=== Exercise aim ===
An exact reproduction of the records is required. Images must be left out.

Stored data entries

-- -- --

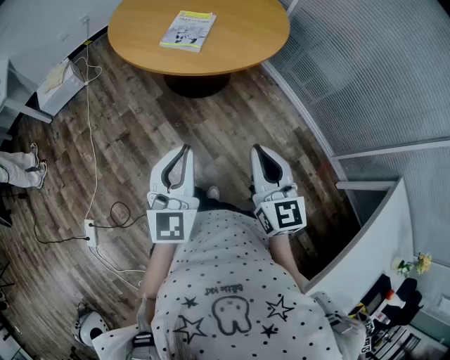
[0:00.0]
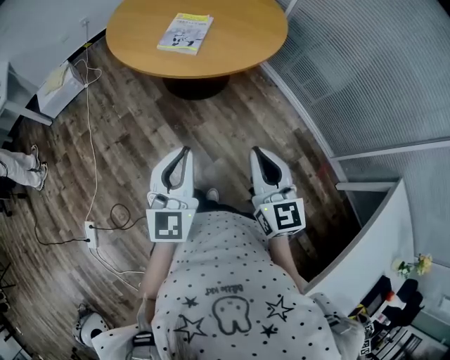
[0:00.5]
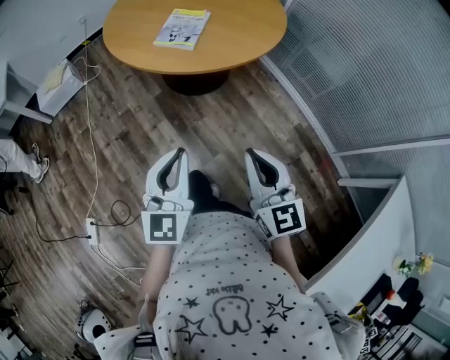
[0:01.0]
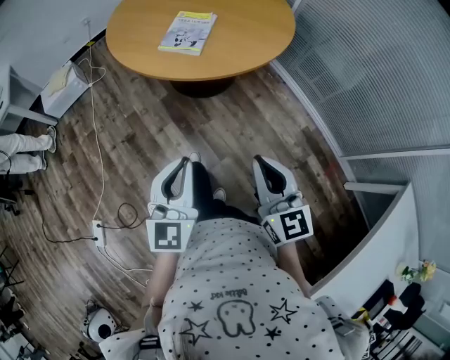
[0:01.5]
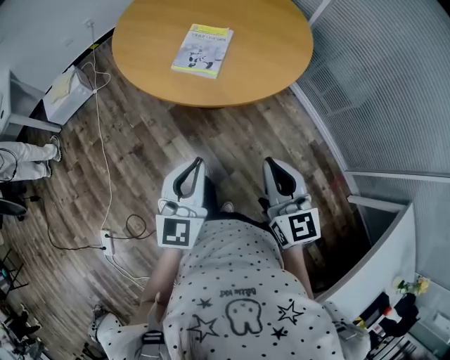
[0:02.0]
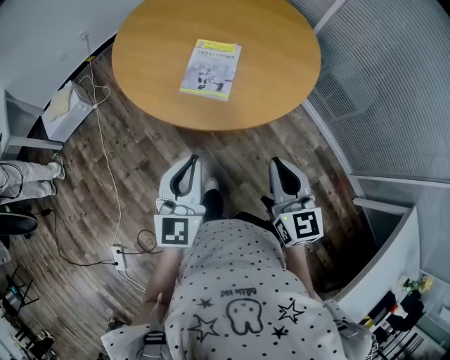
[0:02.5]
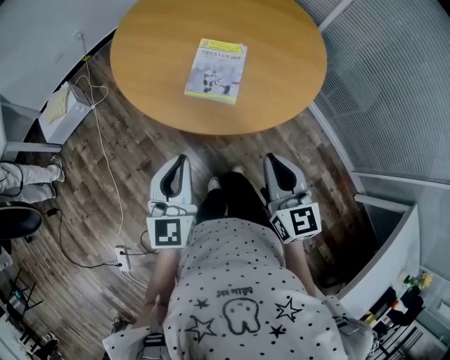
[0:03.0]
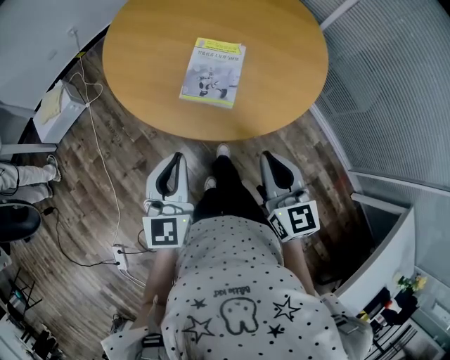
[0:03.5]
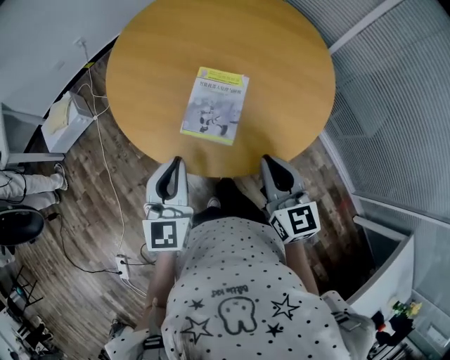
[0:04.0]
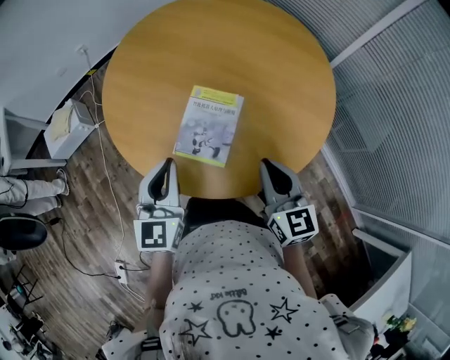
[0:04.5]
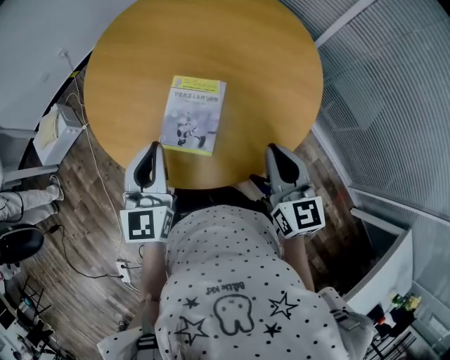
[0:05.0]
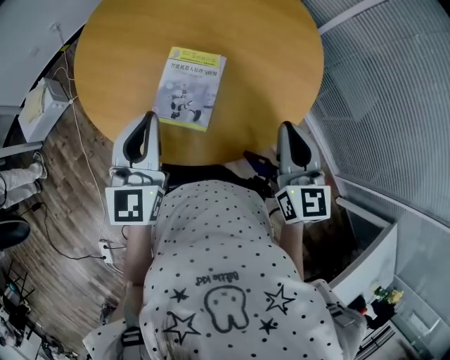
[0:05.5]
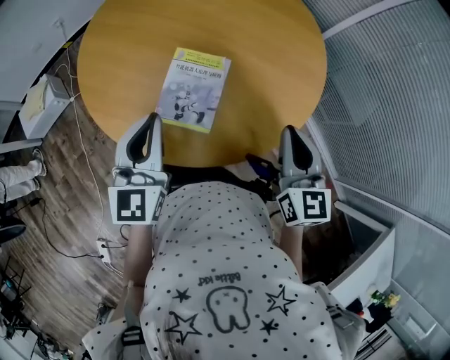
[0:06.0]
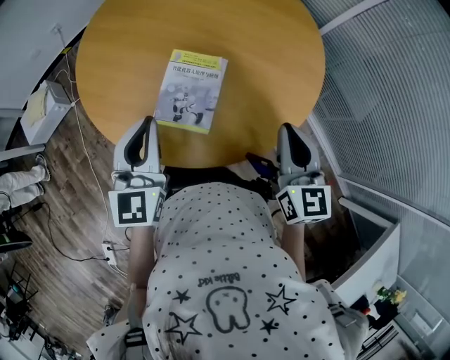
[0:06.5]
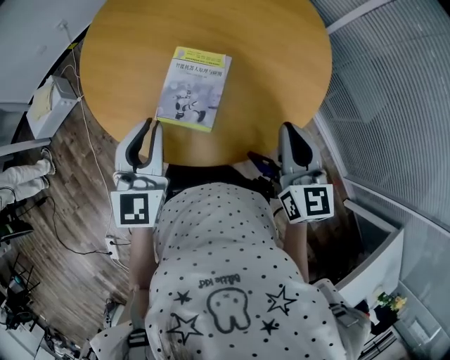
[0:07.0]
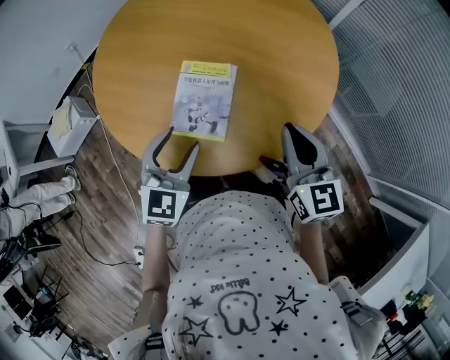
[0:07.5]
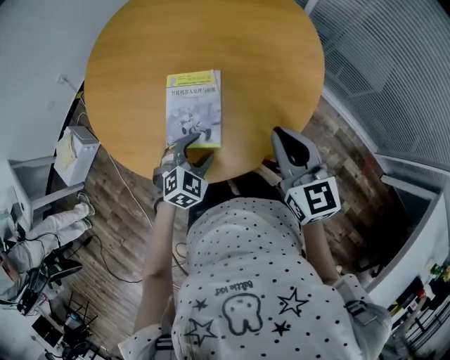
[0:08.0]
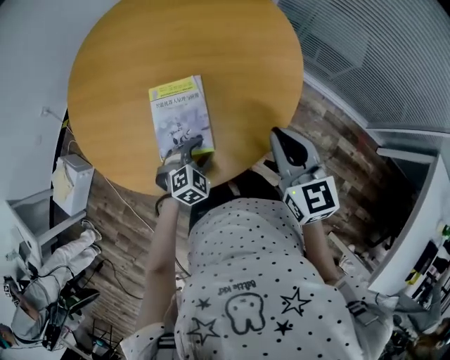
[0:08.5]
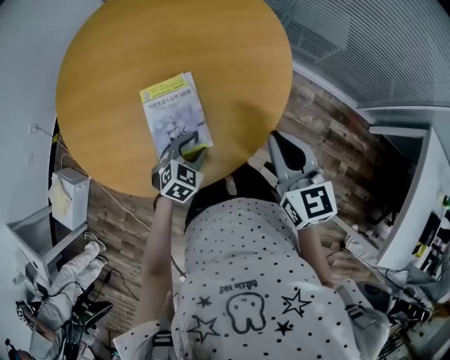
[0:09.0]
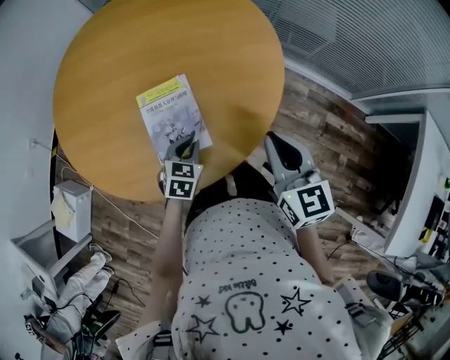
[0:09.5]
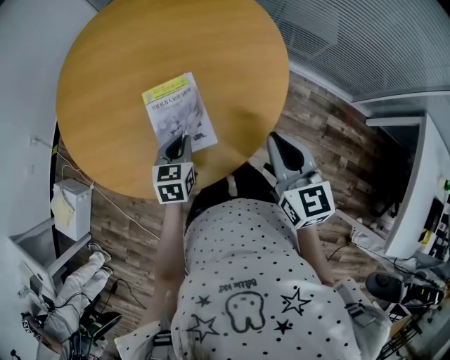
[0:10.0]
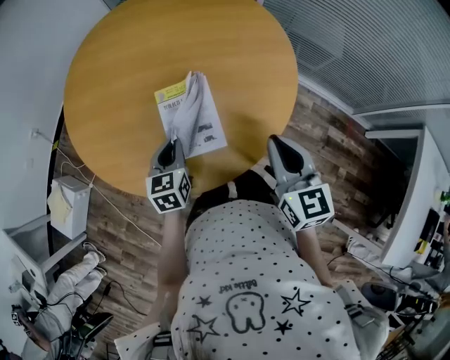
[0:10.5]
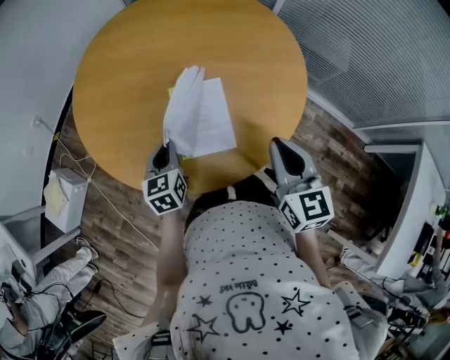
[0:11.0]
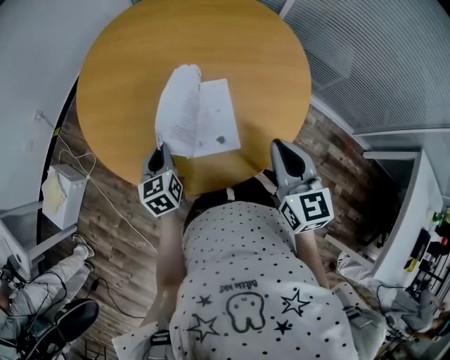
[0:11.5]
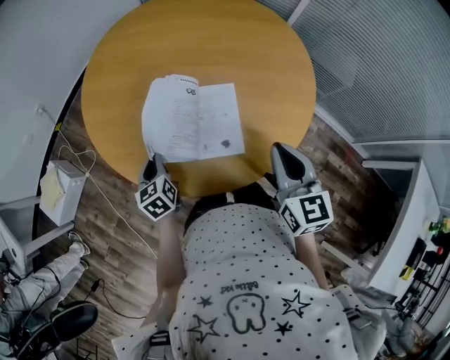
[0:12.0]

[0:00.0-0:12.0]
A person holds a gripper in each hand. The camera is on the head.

-- -- --

=== Solution ===
[0:00.0]
[0:00.5]
[0:01.0]
[0:01.5]
[0:02.0]
[0:02.5]
[0:03.0]
[0:03.5]
[0:04.0]
[0:04.5]
[0:05.0]
[0:05.5]
[0:06.0]
[0:06.5]
[0:07.0]
[0:07.5]
[0:08.0]
[0:08.5]
[0:09.0]
[0:09.5]
[0:10.0]
[0:10.5]
[0:11.0]
[0:11.5]
[0:12.0]

[0:00.0-0:12.0]
A person holds a gripper in each hand. The camera is on the head.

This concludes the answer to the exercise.